20260519 Client Alert Map

Risk is heightened because, although the Pay-to-Play Rule primarily affects state and local elections, contributions to federal campaigns can also trigger the Rule when a candidate for federal office currently holds a state or local office. In those circumstances, contributions that might otherwise appear outside the Rule’s scope may create compliance exposure. For example, in a 2024 client alert, we highlighted how when Minnesota Gov. Tim Walz joined the Democratic presidential ticket, contributions to that campaign came under the Pay-to-Play Rule because the Minnesota governor sits on the Minnesota State Board of Investment, which oversees the selection of investment advisers for state investment funds. The same situation also applies in reverse; contributions to a current federal elected official who decides to run for a local or state office within the Rule’s definition of government official can trigger the Pay-to-Play Rule, even though the official’s role at the time of the contribution is a federal one.7

Because even relatively small contributions can lead to SEC enforcement, monetary penalties, and a two-year ban on compensation for investment advice provided to government clients, investment advisers reasonably impose strict controls on political contributions by covered personnel. As a result, election cycles involving large numbers of state and local officials running for federal office—and vice versa—can significantly increase the risk of inadvertent violations and warrant heightened attention from advisers’ compliance teams.

III.  The Federal Rule Is Not the Only Consideration—State and Local Laws Apply Too

The Pay-to-Play Rule is only one part of the regulatory landscape. Numerous state and local jurisdictions impose their own pay-to-play restrictions that apply to entities seeking or holding government contracts or investment advisory mandates. 

These rules often cover more categories of investment adviser affiliated campaign donors than does the federal concept of covered associates. For example, many state and local regimes apply to directors, officers, partners or significant owners of an investment adviser, and in some cases even to spouses, minor children or affiliated entities.8 The number and categories of individuals whose political contributions may trigger restrictions under state or local rules can therefore be much broader than those captured by the federal rule, requiring firms to monitor contributions across a wider group of personnel.

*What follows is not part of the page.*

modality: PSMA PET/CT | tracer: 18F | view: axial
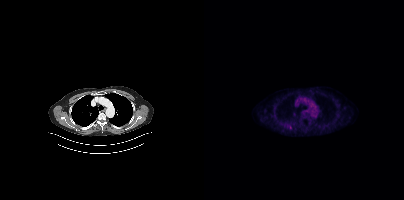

State and local pay-to-play rules also vary significantly in their structure and scope. Some jurisdictions impose outright prohibitions, preventing firms from receiving or being awarded government business for a defined period if certain political contributions are made.9 Other jurisdictions rely primarily on disclosure requirements, requiring firms and their principals to report political contributions made to covered officials or candidates.10

In addition, the covered offices and officials differ widely across jurisdictions. Some laws focus on officials responsible for awarding contracts or selecting investment advisers, while others cover a broader set of state-level or municipal offices, including governors, state legislators or members of boards overseeing public funds. The penalties for violations also vary, ranging from monetary penalties and disclosure violations to disqualification from government contracts or investment mandates.11

Because these requirements differ across jurisdictions, investment advisers must carefully evaluate political contribution activity against multiple regulatory regimes at once. Our WilmerHale team regularly assists clients in navigating these complexities, including mapping applicable state and local restrictions, implementing compliance controls and preclearance systems, and addressing potential violations or remediation efforts.